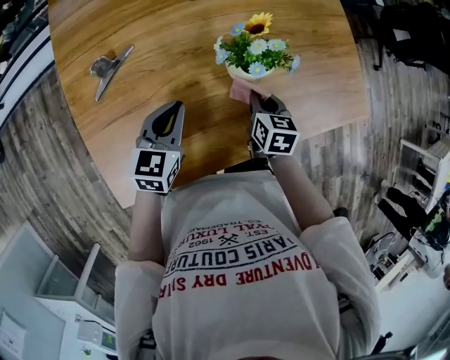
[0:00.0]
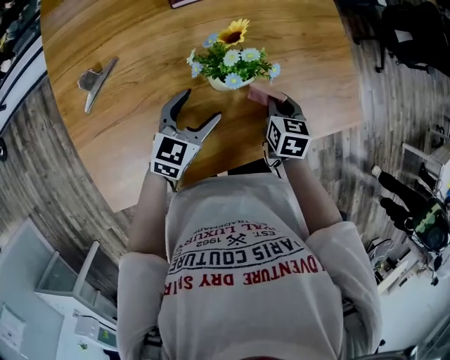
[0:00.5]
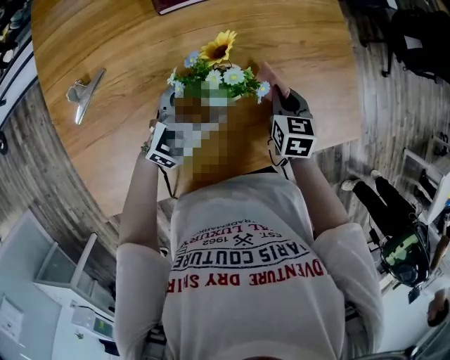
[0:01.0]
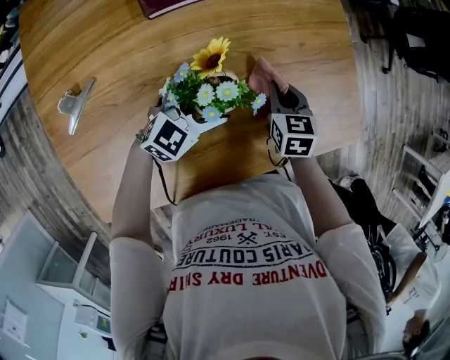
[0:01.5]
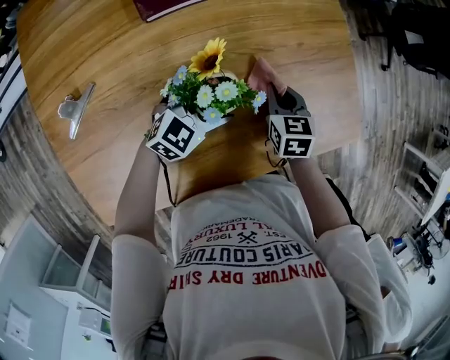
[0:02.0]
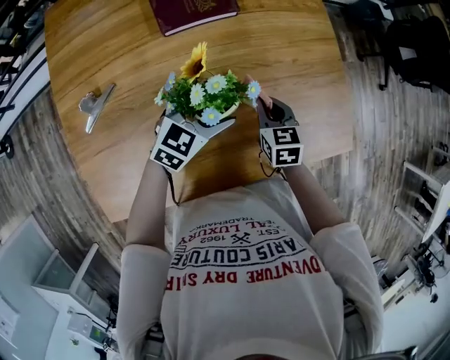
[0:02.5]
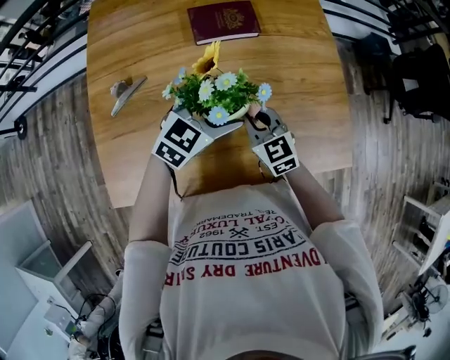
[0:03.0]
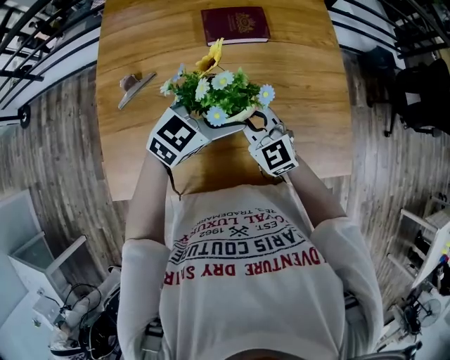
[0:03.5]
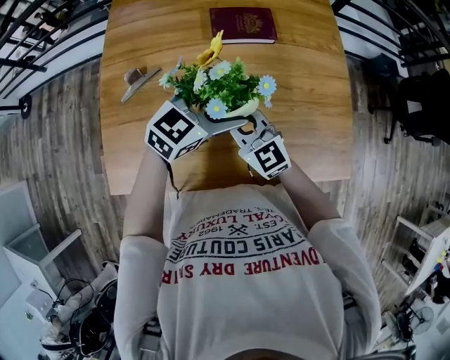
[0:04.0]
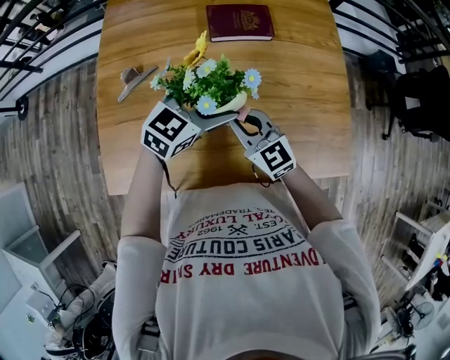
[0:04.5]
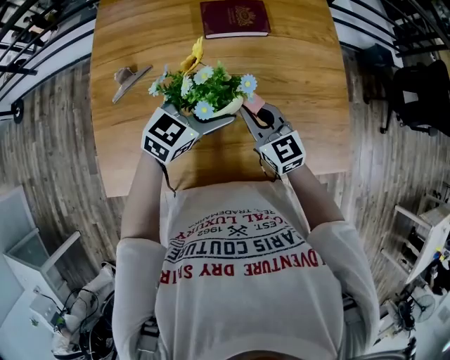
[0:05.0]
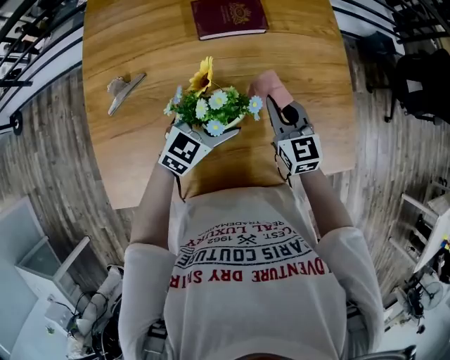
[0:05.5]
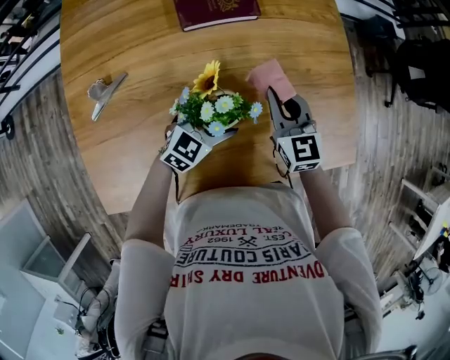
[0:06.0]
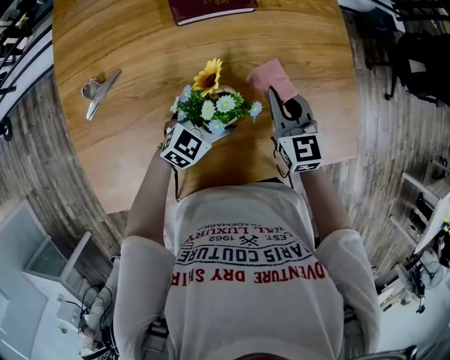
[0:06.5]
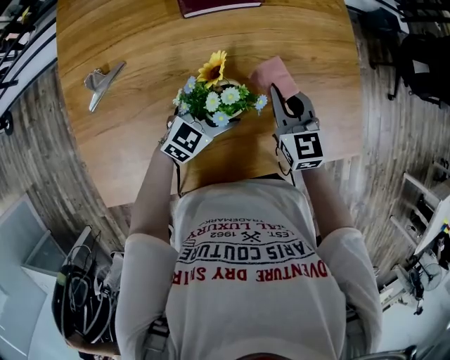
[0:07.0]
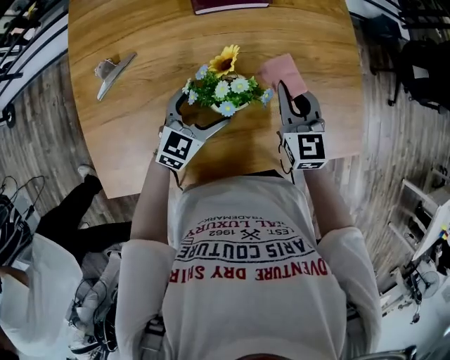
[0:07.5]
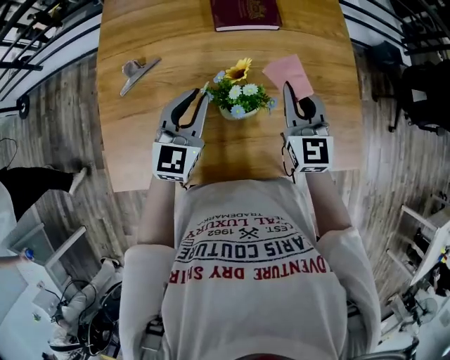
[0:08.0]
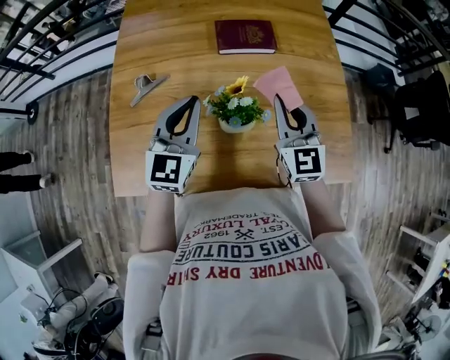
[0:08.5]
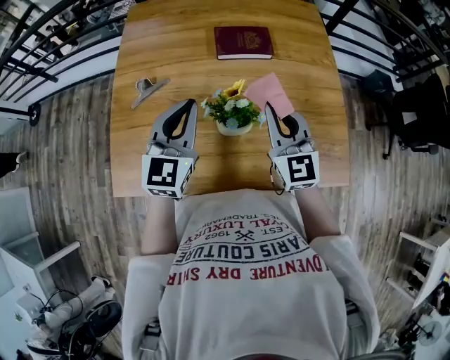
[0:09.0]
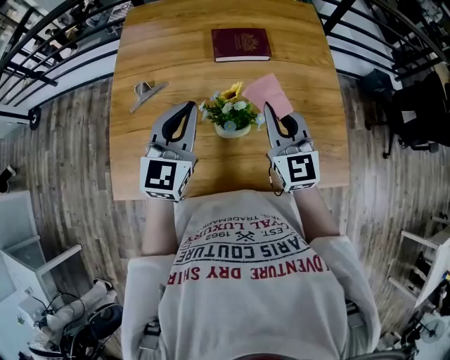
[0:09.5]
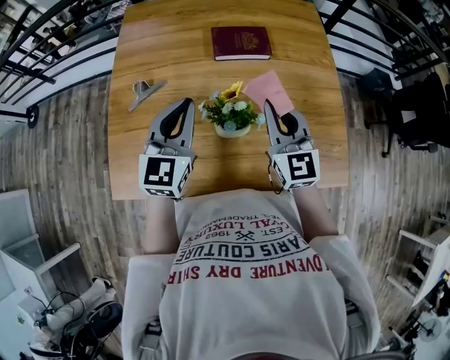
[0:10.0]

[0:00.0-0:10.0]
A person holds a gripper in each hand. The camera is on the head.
0:00.0 to 0:02.0: The grippers both shift forward and to the right by roughly 20 cm. The left gripper swivels about 40 degrees, and opens.
0:02.0 to 0:04.0: The left gripper travels upward by roughly 20 cm, and swivels roughly 20 degrees, while the right gripper ends up about 25 cm from where it was, and angles its fingers upward, by some 30 degrees.
0:04.0 to 0:06.0: The right gripper moves to the right, forward and downward, some 20 cm, and swivels approximately 30 degrees, while the left gripper travels downward by approximately 20 cm.
0:06.0 to 0:08.0: The right gripper travels upward by some 10 cm. Meanwhile the left gripper heads upward and to the left, covering approximately 20 cm, turns by about 40 degrees, and closes up.
0:08.0 to 0:10.0: The right gripper moves upward, about 5 cm. The left gripper is displaced upward by roughly 10 cm.

───

*Try it*: Line by line, restate the data above exactly as it stands, minus the pictures.

*Exercise answer*:
[0:00.0]
[0:00.5]
[0:01.0]
[0:01.5]
[0:02.0]
[0:02.5]
[0:03.0]
[0:03.5]
[0:04.0]
[0:04.5]
[0:05.0]
[0:05.5]
[0:06.0]
[0:06.5]
[0:07.0]
[0:07.5]
[0:08.0]
[0:08.5]
[0:09.0]
[0:09.5]
[0:10.0]

[0:00.0-0:10.0]
A person holds a gripper in each hand. The camera is on the head.
0:00.0 to 0:02.0: The grippers both shift forward and to the right by roughly 20 cm. The left gripper swivels about 40 degrees, and opens.
0:02.0 to 0:04.0: The left gripper travels upward by roughly 20 cm, and swivels roughly 20 degrees, while the right gripper ends up about 25 cm from where it was, and angles its fingers upward, by some 30 degrees.
0:04.0 to 0:06.0: The right gripper moves to the right, forward and downward, some 20 cm, and swivels approximately 30 degrees, while the left gripper travels downward by approximately 20 cm.
0:06.0 to 0:08.0: The right gripper travels upward by some 10 cm. Meanwhile the left gripper heads upward and to the left, covering approximately 20 cm, turns by about 40 degrees, and closes up.
0:08.0 to 0:10.0: The right gripper moves upward, about 5 cm. The left gripper is displaced upward by roughly 10 cm.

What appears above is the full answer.